**Provided records**
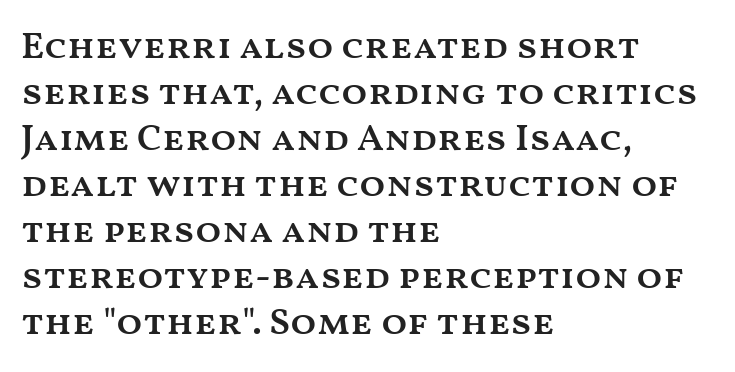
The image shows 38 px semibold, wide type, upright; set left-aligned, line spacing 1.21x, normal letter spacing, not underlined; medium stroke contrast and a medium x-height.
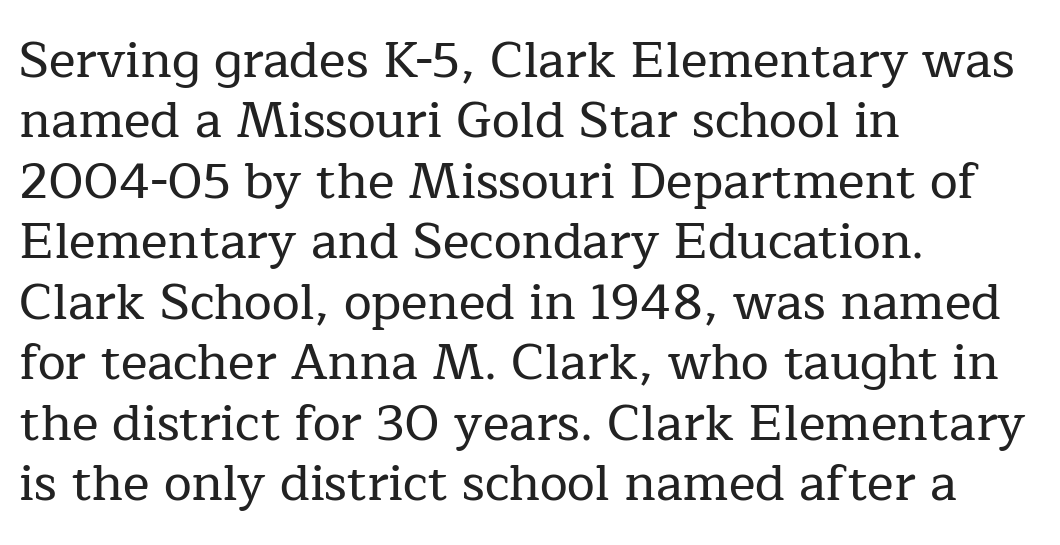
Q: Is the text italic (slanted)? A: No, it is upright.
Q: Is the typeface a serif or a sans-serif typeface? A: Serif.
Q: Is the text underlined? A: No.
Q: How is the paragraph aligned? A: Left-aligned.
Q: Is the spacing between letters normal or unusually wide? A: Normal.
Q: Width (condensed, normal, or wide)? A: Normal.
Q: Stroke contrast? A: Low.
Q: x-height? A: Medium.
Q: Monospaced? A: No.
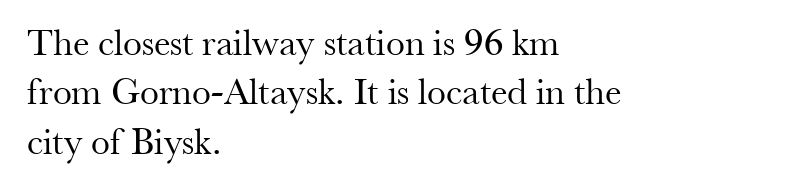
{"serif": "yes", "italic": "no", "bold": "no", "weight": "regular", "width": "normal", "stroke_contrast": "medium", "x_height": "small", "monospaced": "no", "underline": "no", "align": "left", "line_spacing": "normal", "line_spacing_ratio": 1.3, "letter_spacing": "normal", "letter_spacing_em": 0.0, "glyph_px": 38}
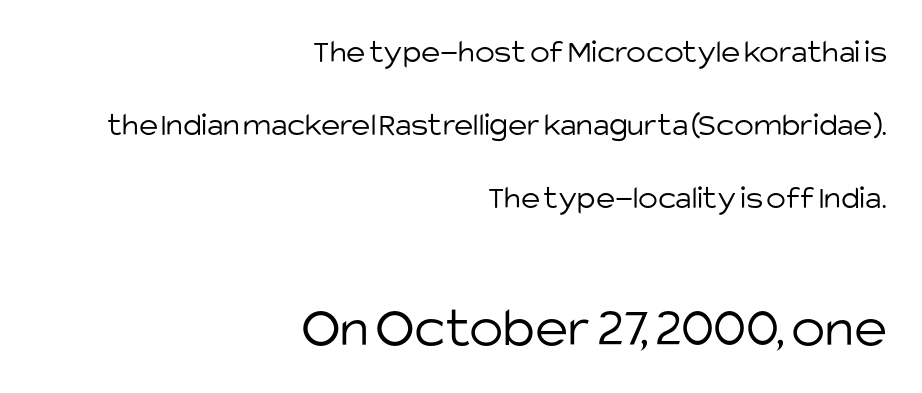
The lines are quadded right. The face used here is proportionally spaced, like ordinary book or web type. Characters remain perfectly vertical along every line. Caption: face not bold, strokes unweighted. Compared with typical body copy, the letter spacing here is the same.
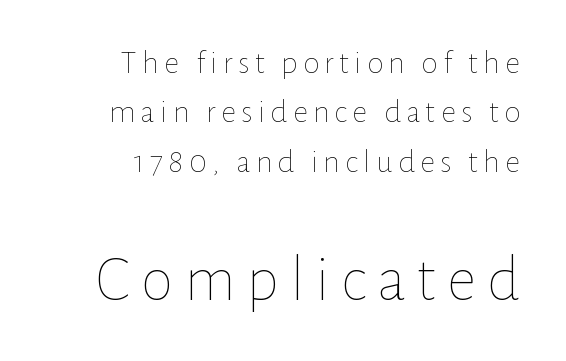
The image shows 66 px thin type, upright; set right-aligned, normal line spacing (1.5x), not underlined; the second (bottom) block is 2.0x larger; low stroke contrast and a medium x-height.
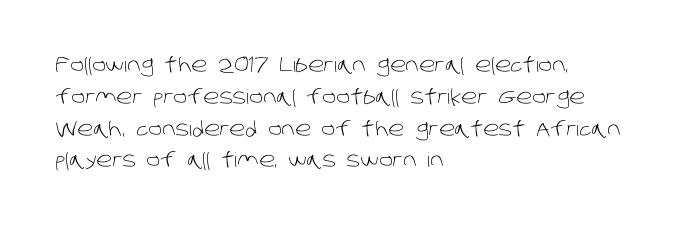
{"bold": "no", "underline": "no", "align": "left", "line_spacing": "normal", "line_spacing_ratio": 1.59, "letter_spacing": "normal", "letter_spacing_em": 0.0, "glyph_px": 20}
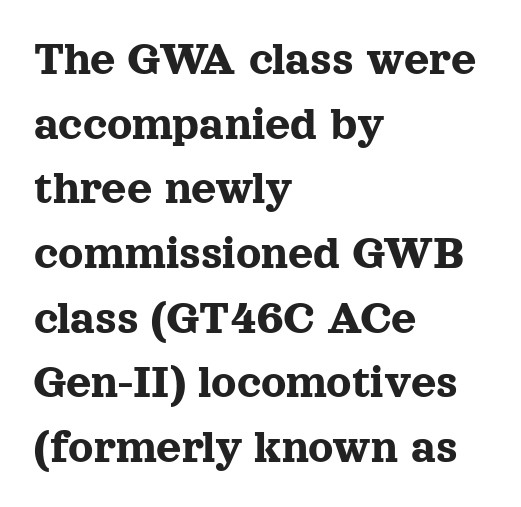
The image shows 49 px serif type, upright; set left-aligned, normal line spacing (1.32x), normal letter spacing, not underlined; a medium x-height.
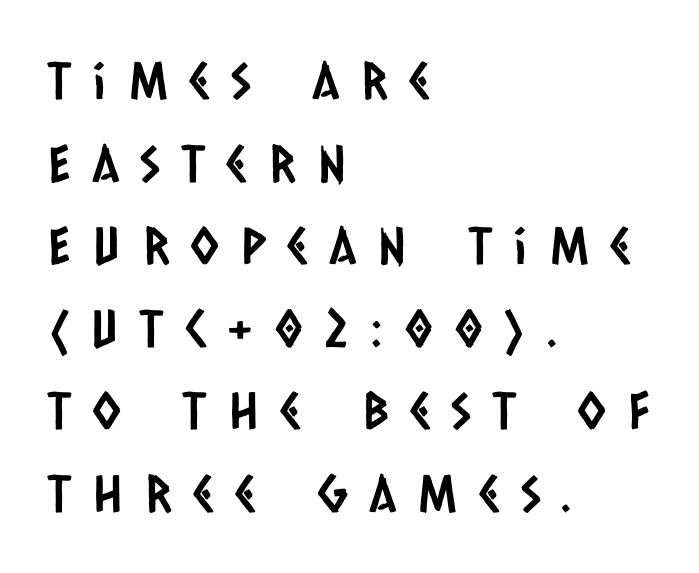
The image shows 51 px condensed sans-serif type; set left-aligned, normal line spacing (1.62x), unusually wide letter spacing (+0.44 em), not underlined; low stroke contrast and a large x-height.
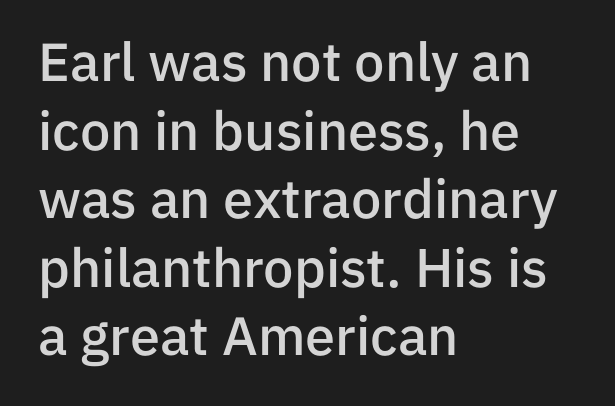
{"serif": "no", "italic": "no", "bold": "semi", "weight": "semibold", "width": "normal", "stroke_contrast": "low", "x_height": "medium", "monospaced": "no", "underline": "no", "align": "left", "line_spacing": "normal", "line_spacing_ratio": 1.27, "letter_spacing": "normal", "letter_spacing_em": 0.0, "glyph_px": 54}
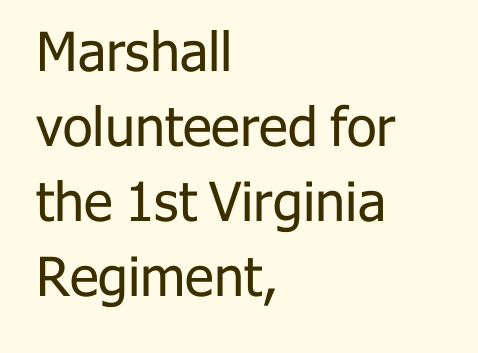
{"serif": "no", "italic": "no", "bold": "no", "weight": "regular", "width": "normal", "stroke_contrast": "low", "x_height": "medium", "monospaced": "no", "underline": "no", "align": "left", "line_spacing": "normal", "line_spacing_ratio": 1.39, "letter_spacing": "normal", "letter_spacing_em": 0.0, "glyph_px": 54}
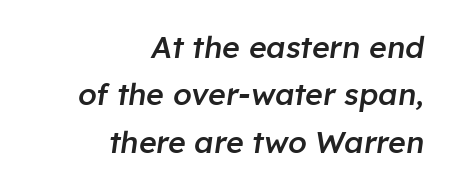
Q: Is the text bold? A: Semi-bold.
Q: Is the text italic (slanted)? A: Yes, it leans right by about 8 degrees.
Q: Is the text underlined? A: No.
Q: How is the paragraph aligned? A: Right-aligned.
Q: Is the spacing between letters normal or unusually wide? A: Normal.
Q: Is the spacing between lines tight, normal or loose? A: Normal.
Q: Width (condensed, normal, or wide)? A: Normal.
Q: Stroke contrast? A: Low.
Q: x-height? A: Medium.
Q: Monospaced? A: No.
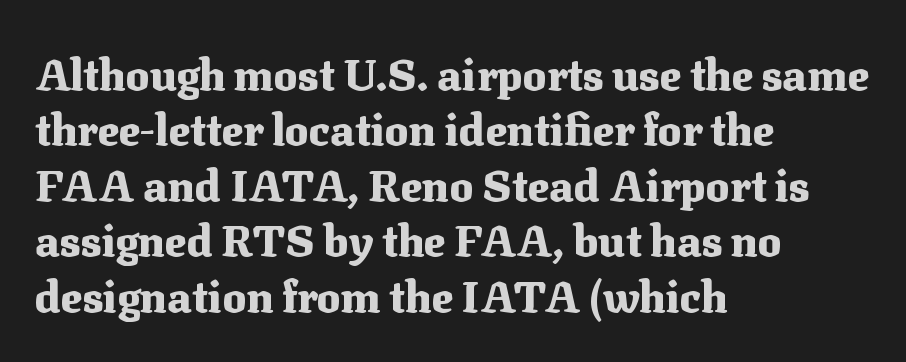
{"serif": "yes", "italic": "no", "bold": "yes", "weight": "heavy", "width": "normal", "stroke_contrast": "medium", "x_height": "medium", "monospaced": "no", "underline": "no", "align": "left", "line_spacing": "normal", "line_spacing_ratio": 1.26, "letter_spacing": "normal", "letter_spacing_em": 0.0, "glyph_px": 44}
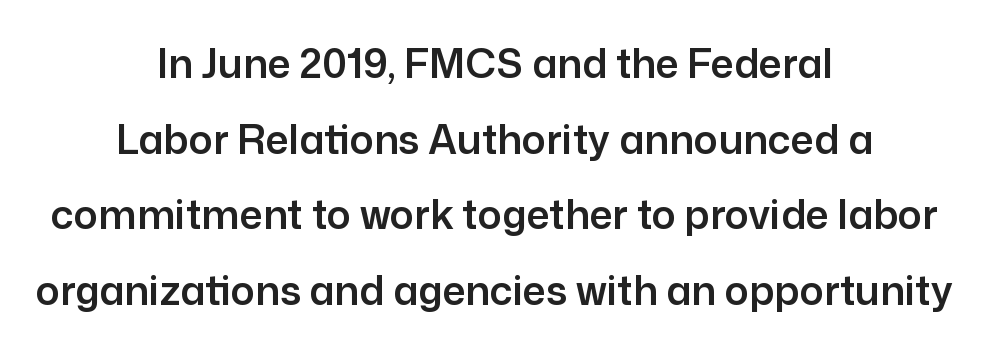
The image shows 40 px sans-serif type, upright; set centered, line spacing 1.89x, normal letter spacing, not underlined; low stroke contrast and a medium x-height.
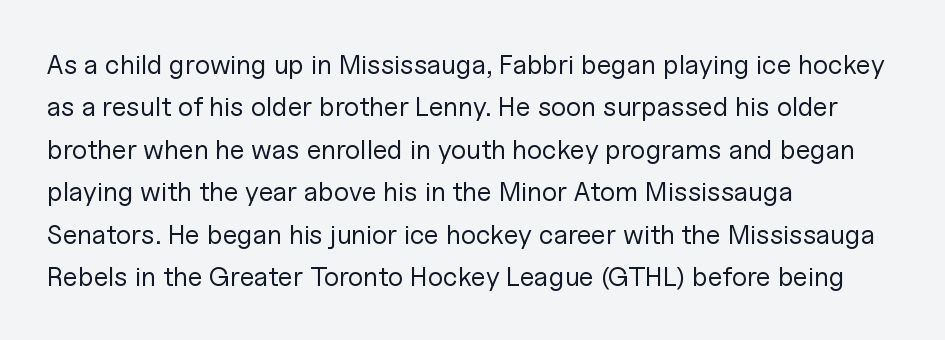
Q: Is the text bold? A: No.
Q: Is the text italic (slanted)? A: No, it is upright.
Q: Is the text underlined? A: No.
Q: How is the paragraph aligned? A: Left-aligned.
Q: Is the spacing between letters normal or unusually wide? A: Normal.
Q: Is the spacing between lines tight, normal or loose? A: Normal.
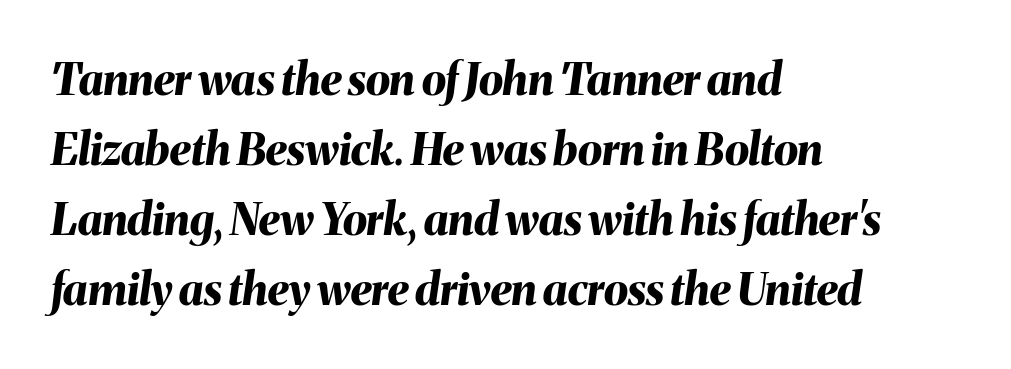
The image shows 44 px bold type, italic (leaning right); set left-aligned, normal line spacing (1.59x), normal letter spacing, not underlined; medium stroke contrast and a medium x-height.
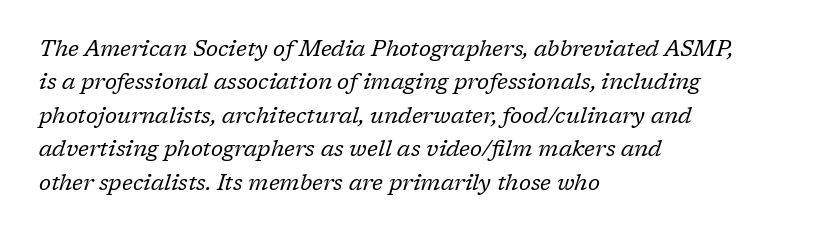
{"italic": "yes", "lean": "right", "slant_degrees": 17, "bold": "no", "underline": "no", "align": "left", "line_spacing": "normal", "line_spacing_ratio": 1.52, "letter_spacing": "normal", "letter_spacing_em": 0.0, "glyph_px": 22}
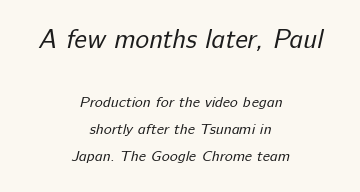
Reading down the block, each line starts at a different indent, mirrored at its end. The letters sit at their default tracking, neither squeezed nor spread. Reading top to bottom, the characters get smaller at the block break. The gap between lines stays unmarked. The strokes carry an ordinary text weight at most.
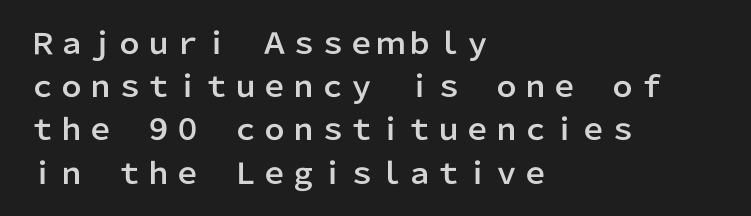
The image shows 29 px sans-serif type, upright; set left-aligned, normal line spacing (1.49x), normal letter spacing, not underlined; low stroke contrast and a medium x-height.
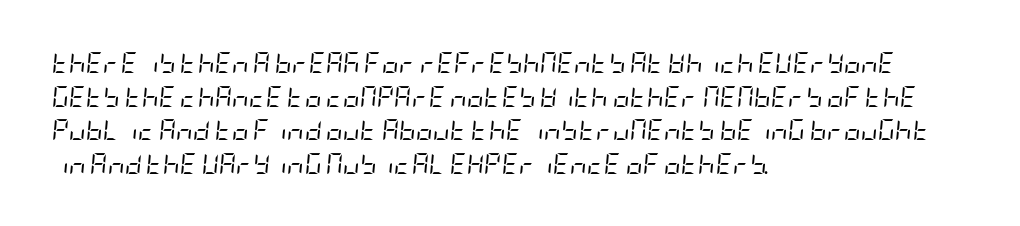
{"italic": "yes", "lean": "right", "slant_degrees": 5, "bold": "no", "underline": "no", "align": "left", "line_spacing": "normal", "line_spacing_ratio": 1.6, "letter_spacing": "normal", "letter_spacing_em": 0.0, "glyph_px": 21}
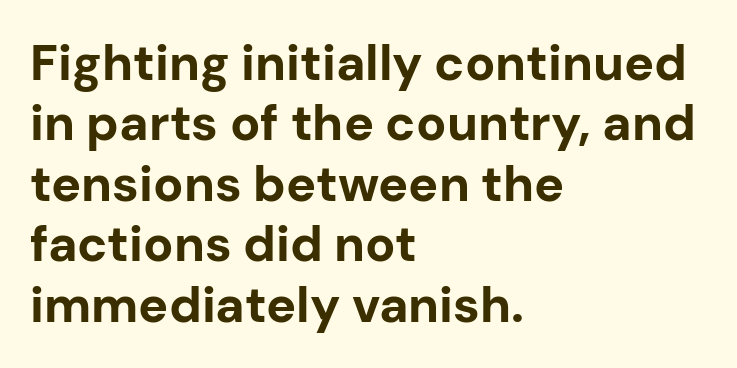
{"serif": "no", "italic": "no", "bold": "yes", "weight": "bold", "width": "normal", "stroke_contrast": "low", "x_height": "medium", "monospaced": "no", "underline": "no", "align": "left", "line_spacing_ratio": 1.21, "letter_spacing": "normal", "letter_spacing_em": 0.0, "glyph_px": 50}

**Your goal**
With the pictures removed, copy the data above word for word.

**Answer box**
The image shows 38 px semibold, wide type, upright; set left-aligned, line spacing 1.21x, normal letter spacing, not underlined; medium stroke contrast and a medium x-height.
Q: Is the text italic (slanted)? A: No, it is upright.
Q: Is the typeface a serif or a sans-serif typeface? A: Serif.
Q: Is the text underlined? A: No.
Q: How is the paragraph aligned? A: Left-aligned.
Q: Is the spacing between letters normal or unusually wide? A: Normal.
Q: Width (condensed, normal, or wide)? A: Normal.
Q: Stroke contrast? A: Low.
Q: x-height? A: Medium.
Q: Monospaced? A: No.
{"serif": "yes", "italic": "no", "bold": "no", "weight": "regular", "width": "normal", "stroke_contrast": "medium", "x_height": "small", "monospaced": "no", "underline": "no", "align": "left", "line_spacing": "normal", "line_spacing_ratio": 1.3, "letter_spacing": "normal", "letter_spacing_em": 0.0, "glyph_px": 38}
The lines are quadded right. The face used here is proportionally spaced, like ordinary book or web type. Characters remain perfectly vertical along every line. Caption: face not bold, strokes unweighted. Compared with typical body copy, the letter spacing here is the same.
The image shows 66 px thin type, upright; set right-aligned, normal line spacing (1.5x), not underlined; the second (bottom) block is 2.0x larger; low stroke contrast and a medium x-height.
{"bold": "no", "underline": "no", "align": "left", "line_spacing": "normal", "line_spacing_ratio": 1.59, "letter_spacing": "normal", "letter_spacing_em": 0.0, "glyph_px": 20}
The image shows 49 px serif type, upright; set left-aligned, normal line spacing (1.32x), normal letter spacing, not underlined; a medium x-height.
The image shows 51 px condensed sans-serif type; set left-aligned, normal line spacing (1.62x), unusually wide letter spacing (+0.44 em), not underlined; low stroke contrast and a large x-height.
{"serif": "no", "italic": "no", "bold": "semi", "weight": "semibold", "width": "normal", "stroke_contrast": "low", "x_height": "medium", "monospaced": "no", "underline": "no", "align": "left", "line_spacing": "normal", "line_spacing_ratio": 1.27, "letter_spacing": "normal", "letter_spacing_em": 0.0, "glyph_px": 54}
{"serif": "no", "italic": "no", "bold": "no", "weight": "regular", "width": "normal", "stroke_contrast": "low", "x_height": "medium", "monospaced": "no", "underline": "no", "align": "left", "line_spacing": "normal", "line_spacing_ratio": 1.39, "letter_spacing": "normal", "letter_spacing_em": 0.0, "glyph_px": 54}
Q: Is the text bold? A: Semi-bold.
Q: Is the text italic (slanted)? A: Yes, it leans right by about 8 degrees.
Q: Is the text underlined? A: No.
Q: How is the paragraph aligned? A: Right-aligned.
Q: Is the spacing between letters normal or unusually wide? A: Normal.
Q: Is the spacing between lines tight, normal or loose? A: Normal.
Q: Width (condensed, normal, or wide)? A: Normal.
Q: Stroke contrast? A: Low.
Q: x-height? A: Medium.
Q: Monospaced? A: No.
{"serif": "yes", "italic": "no", "bold": "yes", "weight": "heavy", "width": "normal", "stroke_contrast": "medium", "x_height": "medium", "monospaced": "no", "underline": "no", "align": "left", "line_spacing": "normal", "line_spacing_ratio": 1.26, "letter_spacing": "normal", "letter_spacing_em": 0.0, "glyph_px": 44}
The image shows 40 px sans-serif type, upright; set centered, line spacing 1.89x, normal letter spacing, not underlined; low stroke contrast and a medium x-height.
Q: Is the text bold? A: No.
Q: Is the text italic (slanted)? A: No, it is upright.
Q: Is the text underlined? A: No.
Q: How is the paragraph aligned? A: Left-aligned.
Q: Is the spacing between letters normal or unusually wide? A: Normal.
Q: Is the spacing between lines tight, normal or loose? A: Normal.
The image shows 44 px bold type, italic (leaning right); set left-aligned, normal line spacing (1.59x), normal letter spacing, not underlined; medium stroke contrast and a medium x-height.
{"italic": "yes", "lean": "right", "slant_degrees": 17, "bold": "no", "underline": "no", "align": "left", "line_spacing": "normal", "line_spacing_ratio": 1.52, "letter_spacing": "normal", "letter_spacing_em": 0.0, "glyph_px": 22}
Reading down the block, each line starts at a different indent, mirrored at its end. The letters sit at their default tracking, neither squeezed nor spread. Reading top to bottom, the characters get smaller at the block break. The gap between lines stays unmarked. The strokes carry an ordinary text weight at most.
The image shows 29 px sans-serif type, upright; set left-aligned, normal line spacing (1.49x), normal letter spacing, not underlined; low stroke contrast and a medium x-height.
{"italic": "yes", "lean": "right", "slant_degrees": 5, "bold": "no", "underline": "no", "align": "left", "line_spacing": "normal", "line_spacing_ratio": 1.6, "letter_spacing": "normal", "letter_spacing_em": 0.0, "glyph_px": 21}
{"serif": "no", "italic": "no", "bold": "yes", "weight": "bold", "width": "normal", "stroke_contrast": "low", "x_height": "medium", "monospaced": "no", "underline": "no", "align": "left", "line_spacing_ratio": 1.21, "letter_spacing": "normal", "letter_spacing_em": 0.0, "glyph_px": 50}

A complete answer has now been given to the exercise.